▶ _MATERIALS PROVIDED_:

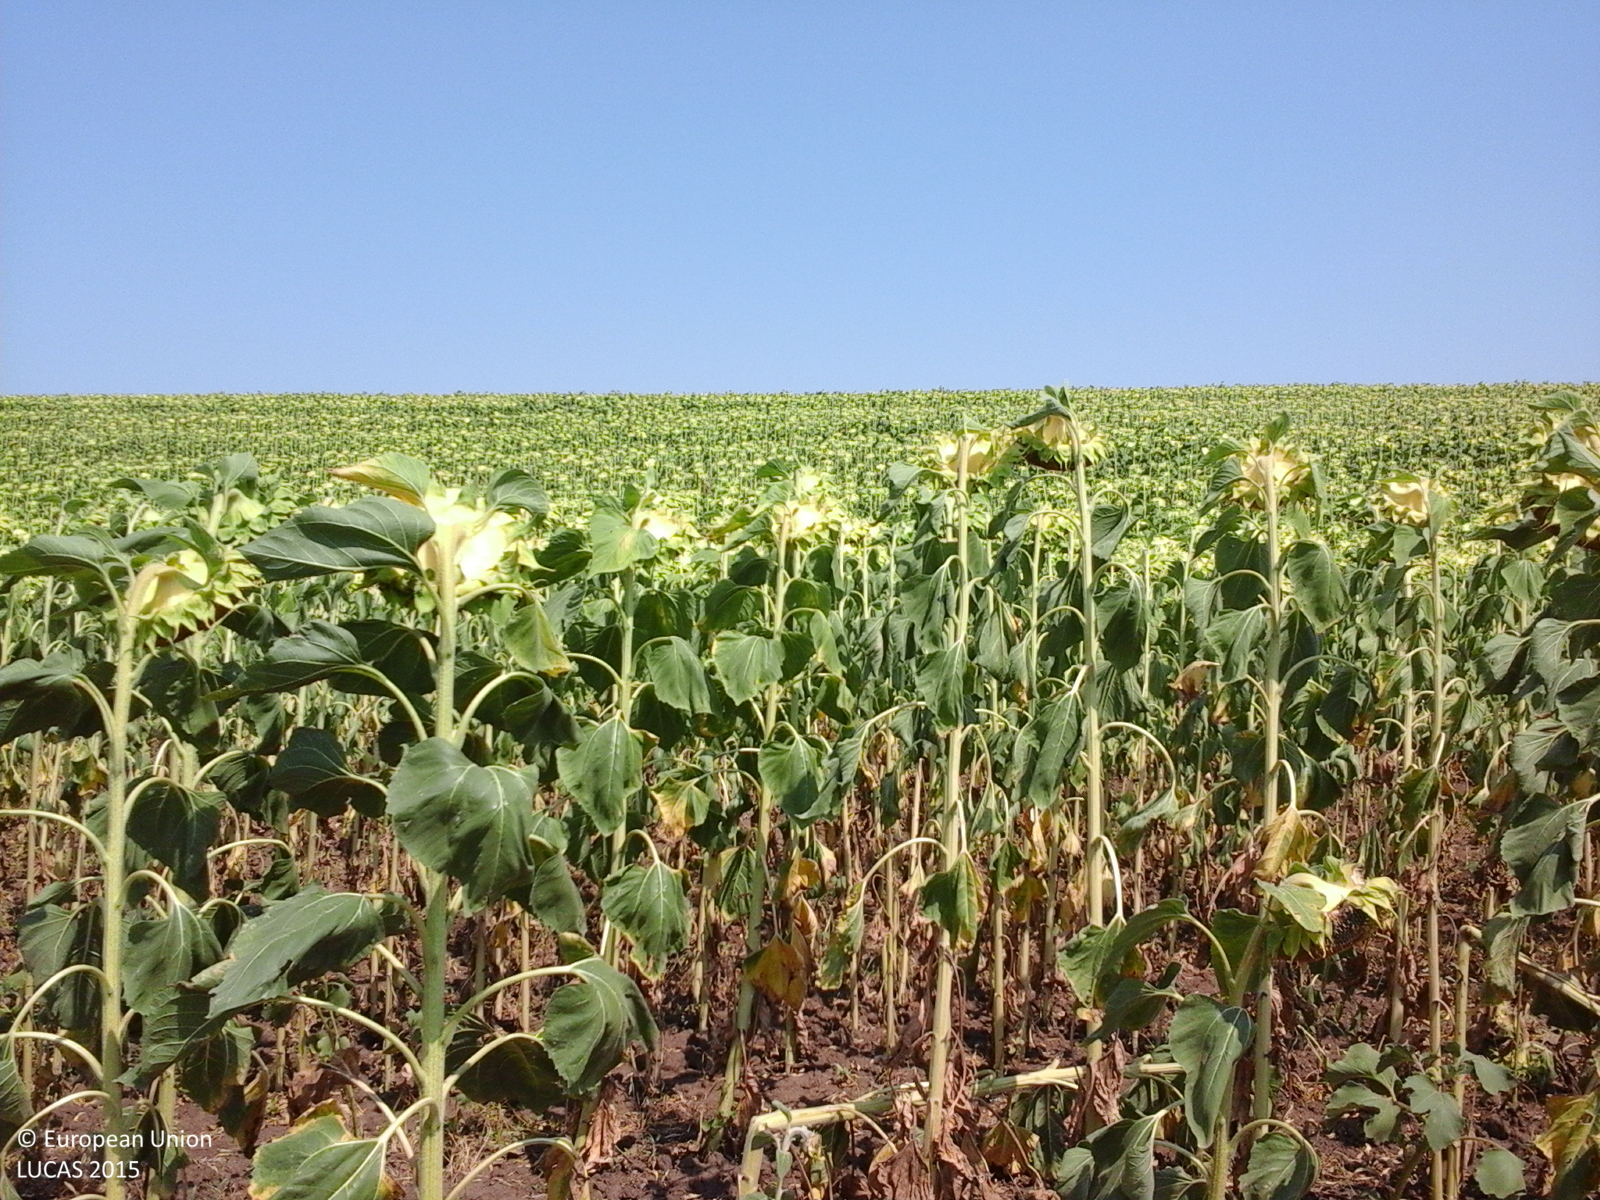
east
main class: Cropland
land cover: Sunflower
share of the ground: > 75 %
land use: Agriculture (excluding fallow land and kitchen gardens)
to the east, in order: Tracks; Sunflower
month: July
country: RO
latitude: 45.7001
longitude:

▶ _WORK ORDER_:
Begin with the line that holds "land use: Agriculture" and write out each line from there to the end of the material, exactly as it stands. Include nothing else.

▶ _ANSWER TO THE PROBLEM_:
land use: Agriculture (excluding fallow land and kitchen gardens)
to the east, in order: Tracks; Sunflower
month: July
country: RO
latitude: 45.7001
longitude:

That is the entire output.